>>>>
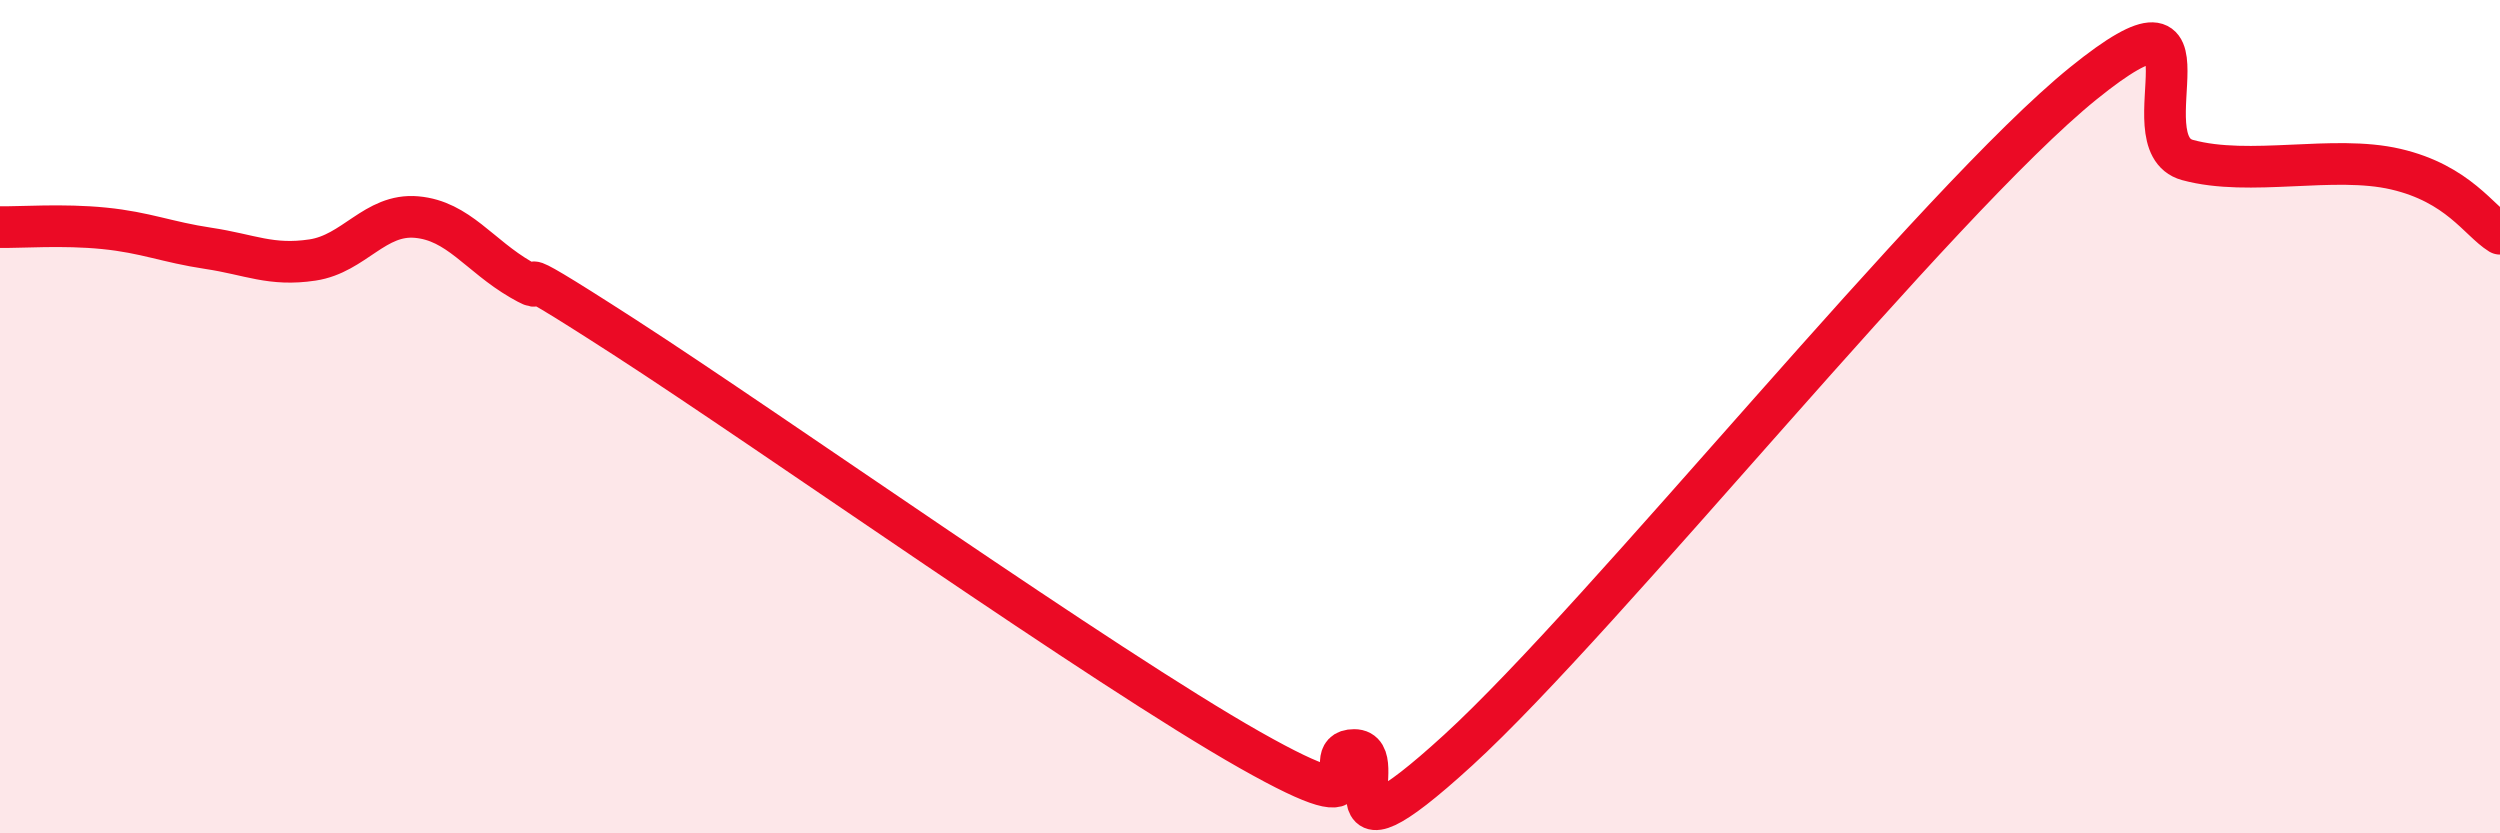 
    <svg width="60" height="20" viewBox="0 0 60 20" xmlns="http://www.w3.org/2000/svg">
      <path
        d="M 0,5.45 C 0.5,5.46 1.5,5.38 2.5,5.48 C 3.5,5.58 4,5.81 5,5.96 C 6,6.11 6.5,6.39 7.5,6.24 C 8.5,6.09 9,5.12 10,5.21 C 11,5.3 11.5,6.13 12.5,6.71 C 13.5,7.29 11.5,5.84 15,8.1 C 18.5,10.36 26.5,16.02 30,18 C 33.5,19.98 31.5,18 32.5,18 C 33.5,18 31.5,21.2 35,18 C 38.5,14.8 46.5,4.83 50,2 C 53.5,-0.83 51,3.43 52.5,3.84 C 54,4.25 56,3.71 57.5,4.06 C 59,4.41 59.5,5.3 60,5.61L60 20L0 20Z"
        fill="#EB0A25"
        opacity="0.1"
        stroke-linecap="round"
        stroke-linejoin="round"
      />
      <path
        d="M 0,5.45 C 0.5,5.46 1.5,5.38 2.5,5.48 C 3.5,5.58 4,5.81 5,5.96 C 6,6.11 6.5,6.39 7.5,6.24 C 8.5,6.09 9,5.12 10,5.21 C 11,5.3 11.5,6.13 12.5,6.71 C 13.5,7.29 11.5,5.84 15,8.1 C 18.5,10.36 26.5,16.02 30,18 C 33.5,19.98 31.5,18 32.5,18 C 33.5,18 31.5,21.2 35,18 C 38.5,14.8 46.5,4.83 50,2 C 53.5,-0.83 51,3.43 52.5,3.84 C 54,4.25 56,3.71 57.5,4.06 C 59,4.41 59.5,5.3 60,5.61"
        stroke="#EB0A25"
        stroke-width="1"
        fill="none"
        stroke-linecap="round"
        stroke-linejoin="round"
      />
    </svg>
<<<<
>>>>
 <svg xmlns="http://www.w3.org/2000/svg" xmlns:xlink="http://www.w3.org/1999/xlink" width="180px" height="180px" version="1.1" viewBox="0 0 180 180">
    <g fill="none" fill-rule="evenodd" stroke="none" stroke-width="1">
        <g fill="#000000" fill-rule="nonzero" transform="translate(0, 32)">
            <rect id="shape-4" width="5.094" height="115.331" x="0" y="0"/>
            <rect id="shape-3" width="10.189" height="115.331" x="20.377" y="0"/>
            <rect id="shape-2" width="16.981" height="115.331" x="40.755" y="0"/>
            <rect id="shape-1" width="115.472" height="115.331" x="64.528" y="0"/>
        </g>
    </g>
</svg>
<<<<
• [TASK]: Find all the lines with "fill" in the data and copy them.

• [WRITTEN SOLUTION]:
        fill="#EB0A25"
        fill="none"
    <g fill="none" fill-rule="evenodd" stroke="none" stroke-width="1">
        <g fill="#000000" fill-rule="nonzero" transform="translate(0, 32)">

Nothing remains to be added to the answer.